Optical fibers have become a desirable information transmitting medium due to their broad bandwidth capacity and small physical size and weight relative to metal electrical conductors. A number of characteristics of optical fibers including their susceptibility to breakage and their bending and stress losses pose serious problems in their use. It is therefore, necessary to find suitable means to protect the fibers.
One approach to the above problems has been to start with a plurality of optical fibers and to form them into linear arrays packaged in ribbon-like structures. This approach is described in detail in U.S. Pat. No. 4,129,468, issued Dec. 12, 1978. The requirements imposed on such optical fiber ribbons include the need to provide mechanical stripability for ease of cable termination and splicing; the need for small size; the need for resistance to breakage when subjected to tensile stress; the need for individual fiber identification within the ribbon; and, the need to protect the ribbon from distorting forces which may cause deterioration of the optical signal.
After forming these ribbons, they are used to form optical cables. It has been asserted that these ribbons provide adequate protection for the optical fibers when used for information transmission. Various processes for manufacturing such an optical cable are described in U.S. Pat. Nos. 3,937,559; 4,110,001; 4,138,193 and 4,146,302. As appears in each of these patents, it is still necessary to form the ribbon-like structure prior to the cabling operation. Indeed, it is specifically stated in each of these patents that forming of the ribbon-like structure reduces the risk of injury to the optical fibers during the cabling operation. The drawback to such a requirement is particularly significant when a cable having only a few fibers is required. It is an unduly burdensome procedure to first produce ribbons and then make a cable to carry the ribbon. The cabling of the optical fiber ribbons is a complicated and expensive procedure, even after the ribbons have been assembled. Cabling of these ribbons requires the use of planetary stranders at least for the laying of strength members into the required extruded sheath. Such equipment is expensive; and hence, contributes significantly to the overall cost of the cabling operation.

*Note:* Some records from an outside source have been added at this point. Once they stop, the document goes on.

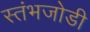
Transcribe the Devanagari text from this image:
स्तंभजोडी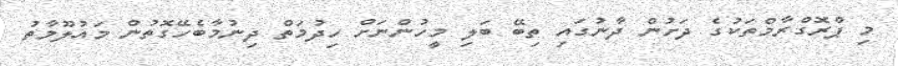
މި ޕްރޮގްރާމްތަކުގެ ދަށުން ދާނުގައި ތިބޭ ބަލި މީހުންނަށް ހިދުމަތް ދިނުމާބެހޭގޮތުން މައުލޫމާތު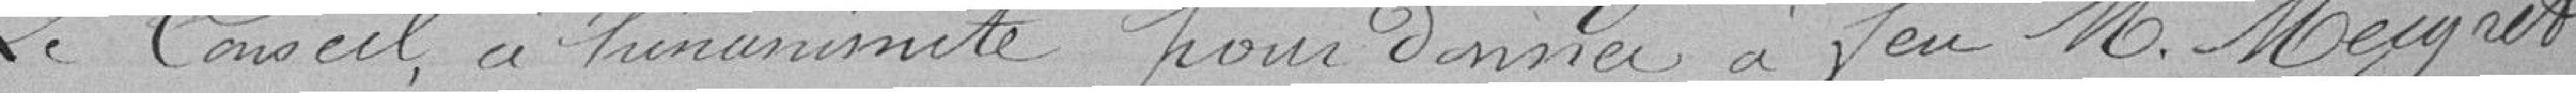
Le Conseil a l'unanimité pour donner à feu M.Meigret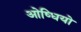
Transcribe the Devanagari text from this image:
ओष्धियो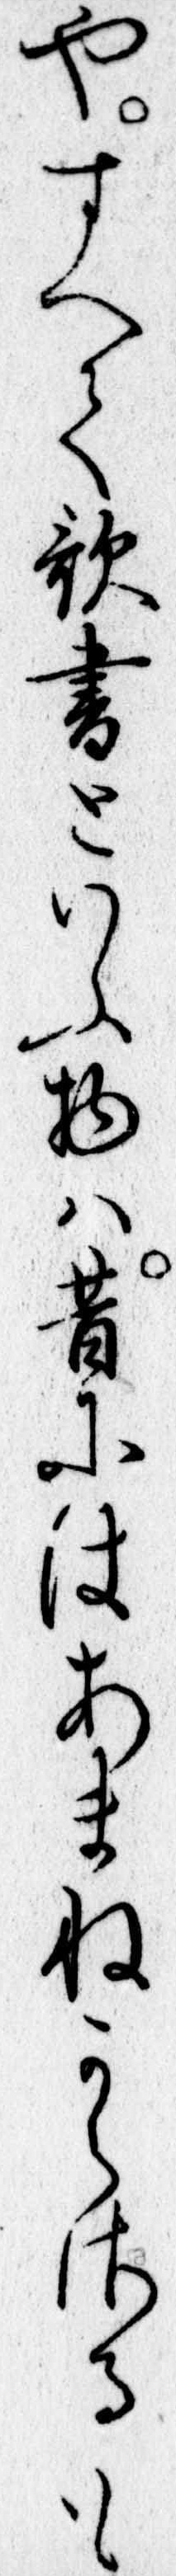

It has been proposed to avoid the requirement for a multistep cabling process by incorporating one or more optical fibers into a cable as the cable was formed. Such procedures are described in U.S. Pat. Nos. 4,155,963; 4,154,049; and 4,205,899. These patents disclose the extrusion of a profiled central member having grooves into which optical fibers are laid, followed by closure of the groove, thereby enclosing the fiber in a longitudinally extending chamber. U.S. Pat. No. 4,199,224 is similar and adds a separate central strength member. These methods permit optical fibers to be laid into the open channels as the cable is manufactured; hence, eliminating the necessity of first manufacturing an optical fiber ribbon. The methods disclosed in these patents require expensive machinery and a large amount of floor space for cabling of optical fiber. As a result of the expenses associated with the machines and dedicated floor space, these are expensive cabling techniques.
Another approach for cabling of optical fibers is disclosed in U.S. Pat. No. 4,153,332 issued May 8, 1979. This patent explains that a cable may be formed by winding unitary elements having an adhering sheath on a supporting core. When this structure is bent on a mandrel having a small bending radius, the unitary element is compressed in the inner portion facing the mandrel and is stretched in the outer portion. This occurs because of the fact that the friction between the element and the core about which it is wound prevents the element from sliding significantly with respect to the core. The optical fiber or fibers contained in the unitary element are subjected to compressive and tension stresses. To overcome this drawback, it is recommended that the fibers be centered in a tubular sheath. This patent discloses that, at the present state of the art, no processes are known for producing unitary optical fiber elements which permit a perfect centering of the optical fiber with respect to the sheath. This is especially true when the sheath has a diameter much greater than that of the fiber. When the fiber is not centered, it is well known to those skilled in the art that the tension or compressive stress on the fiber, when the unitary element is subjected to flexing, is proportional to the distance of the optical fiber from the neutral axis of the unitary element and inversely proportional to the bending radius of the element. To compensate for this, the fibers may be longer than the length of the corresponding surrounding sheath by either winding the fibers around a central core within the sheath or by imparting a helical bend to the fibers and laying them loosely within the sheath. The patent goes on to assert that the provision of a tubular sheath into which the optical fiber is inserted provides a protective structure which shields the surface of the fiber from radial compressive force and from contact with corrosive substances.
Another approach which has been proposed for providing a protective cable structure for optical fibers is disclosed in U.S. Pat. No. 4,235,511 issued Nov. 25, 1980. This patent describes a cabling technique wherein a central strength member is surrounded by elements which define chambers running the length of the strength member and which are covered in order to enclose an optical fiber laid into the chamber. The patent discloses folded splicing tape helically wrapped about the central strength member for formation of the chambers.
All of the above described techniques suffer from one or more of the problems including high expense in cable manufacture, susceptibility to fiber breakage during cabling or cable laying operations, and poor optical transmission characteristics.